Реальность мифов | страница 26
Вот как описал Ядин встречу с королем:
«После обмена традиционными любезностями Абдалла преподнес нам подарок: великолепный, кованный в серебре, кинжал. Он и сейчас хранится в министерстве иностранных дел. Вальтер Эйтан позаботился о подарке для короля: старинное издание Танаха в переплете, сработанном мастерами художественной школы „Бецалель“. Раскрыв книгу, Абдалла потемнел от гнева: „Что это?!“
Оказалось, первая страница была украшена картой Эрец-Исраэль времен царя Соломона. „Что это?! — возмущался король. — Месопотамия, Египет!“
Мы с трудом вышли из положения, объяснив ему, что это карта времен царя Сулеймана.
Абдалла принимал нас в своих роскошных покоях. Справа от него сидел премьер-министр Туфик эль-Худа, слева — все члены кабинета. „Как поживает мой друг Шерток? — начал король. — Передайте ему привет.“ Потом спросил: „А как здоровье госпожи Голды Меирсон?“
Абдалла был в свое время слегка уязвлен тем, что ему пришлось вести политические переговоры с женщиной. Когда мы ответили, что госпожа Меирсон — теперь посол Израиля в Москве, он подмигнул и сказал: „Прекрасно, там ее и оставьте“.
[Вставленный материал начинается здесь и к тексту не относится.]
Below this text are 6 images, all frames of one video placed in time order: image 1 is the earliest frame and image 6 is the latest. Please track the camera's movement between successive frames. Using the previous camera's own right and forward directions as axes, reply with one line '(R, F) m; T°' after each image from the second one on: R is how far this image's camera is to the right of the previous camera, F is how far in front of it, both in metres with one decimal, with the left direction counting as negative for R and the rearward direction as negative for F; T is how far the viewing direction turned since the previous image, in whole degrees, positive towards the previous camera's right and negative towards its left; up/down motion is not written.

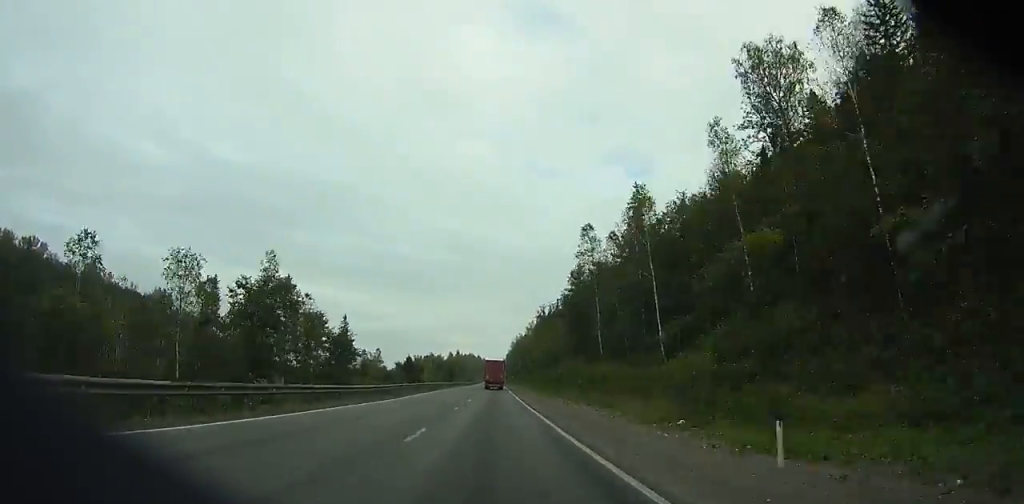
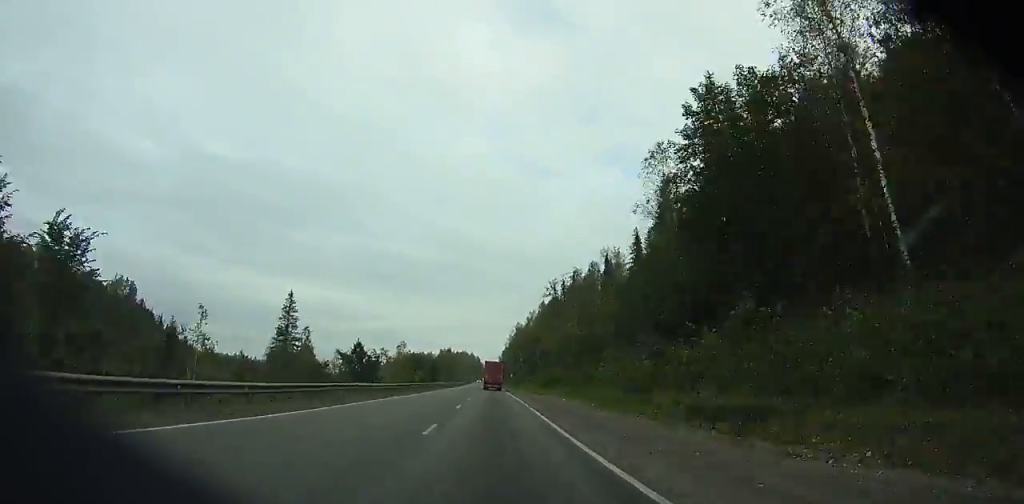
(+0.1, +45.3) m; 0°
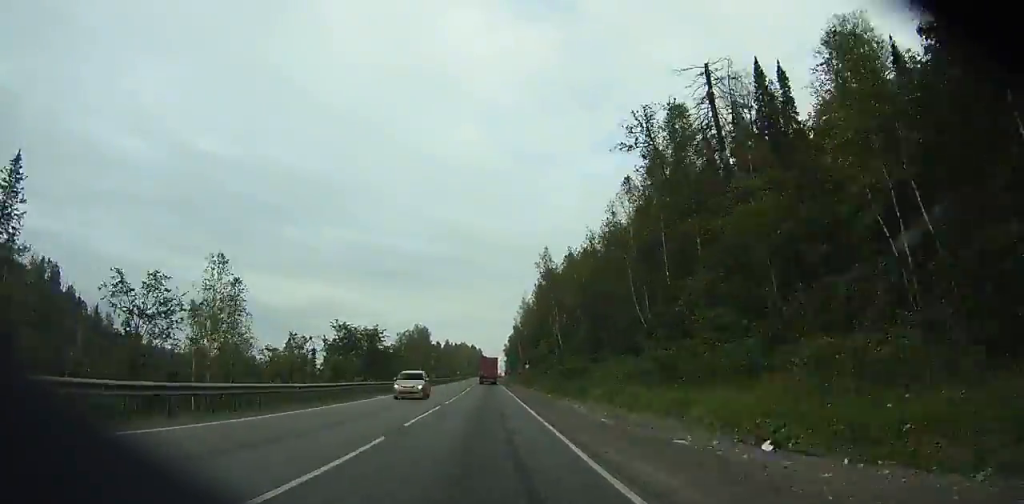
(+0.1, +87.7) m; -2°
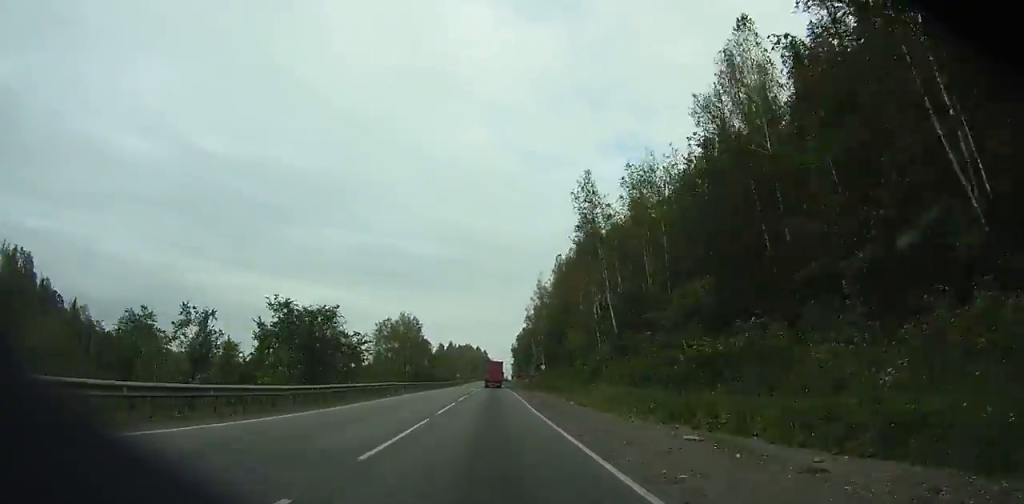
(+0.6, +30.2) m; -2°
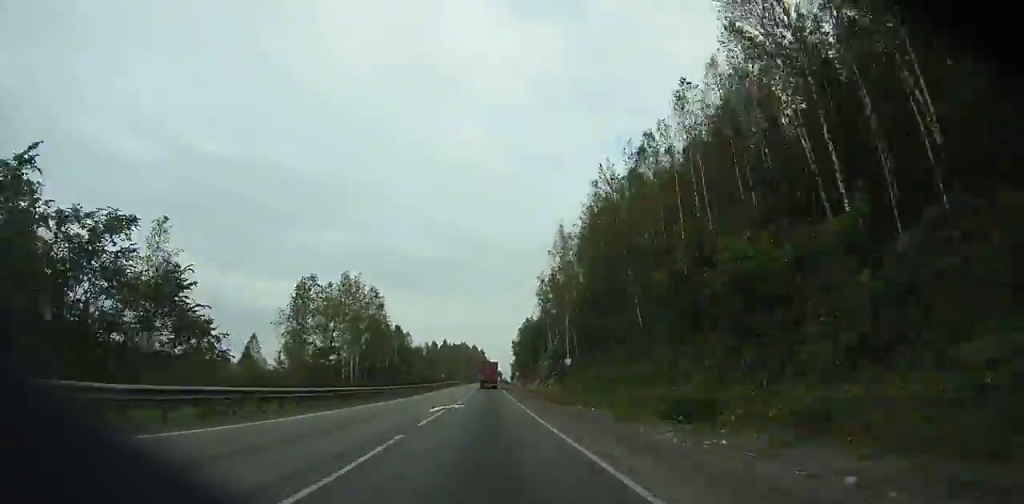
(-2.2, +39.8) m; -12°
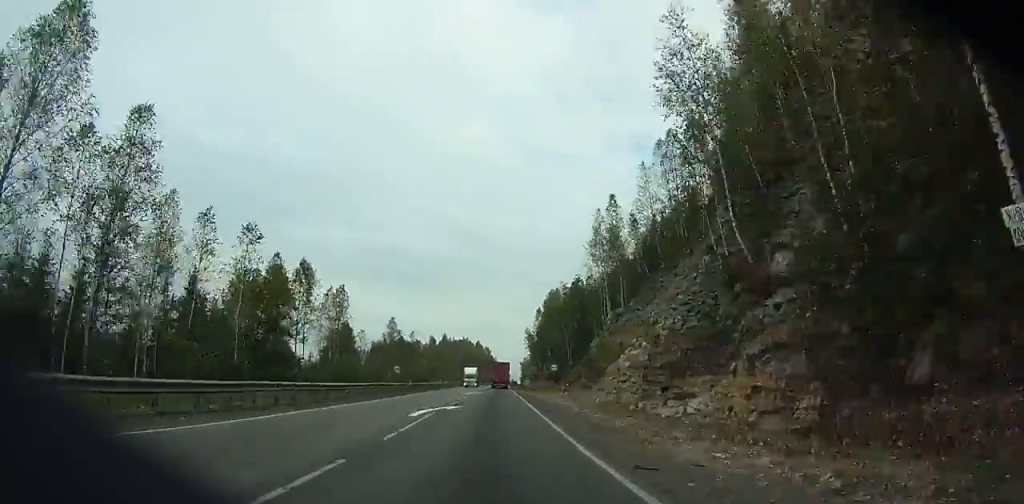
(-12.2, +55.2) m; +12°

Затем король встал и произнес напыщенную речь, которую закончил словами:
„Я бедуин, а у нас, у бедуинов, есть поучение: если ты сидишь на перегруженном осле, а враг близок, то у тебя две возможности: или попасть в плен со всем товаром, или попытаться бежать, сбрасывая по дороге тюк за тюком, дабы уменьшить вес. Вот я и пригласил сюда израильтян, чтобы сбросить тюк!“
Окончив речь, король обратился к своему премьер-министру Туфику эль-Худе и предложил: „Теперь говорите вы!“
Эль Худа встал, откашлялся и сказал: „Я прошу прощения у вашего величества, но я нездоров!“
Абдалла сделал презрительный жест и, не стесняясь нашего присутствия, возвысил голос: „Раз так — вон отсюда!“
Эль-Худа молча вышел.
А потом был ужин, подававшийся на золотой и серебряной посуде. Я сидел рядом с Абдаллой, а он с гордостью указывал на каждый предмет: „Это я получил от короля Георга, это — от Рузвельта. Видите ту лампу наверху? Ее мне преподнес Пинхас Рутенберг“.
Мы вели светскую беседу, и внезапно король сказал: „Знаете, что мне услаждает часы досуга? Древняя арабская поэзия!“
Тут я вспомнил своего учителя профессора Бината, заставлявшего нас зубрить наизусть длинные тяжеловесные поэмы времен становления ислама, — как в свое время я его проклинал! В голове моей осталось только одно стихотворение, которое я и начал цитировать: „Вот мать, оплакивающая сына на поле брани: вскормила тебя, вспоила, взлелеяла“.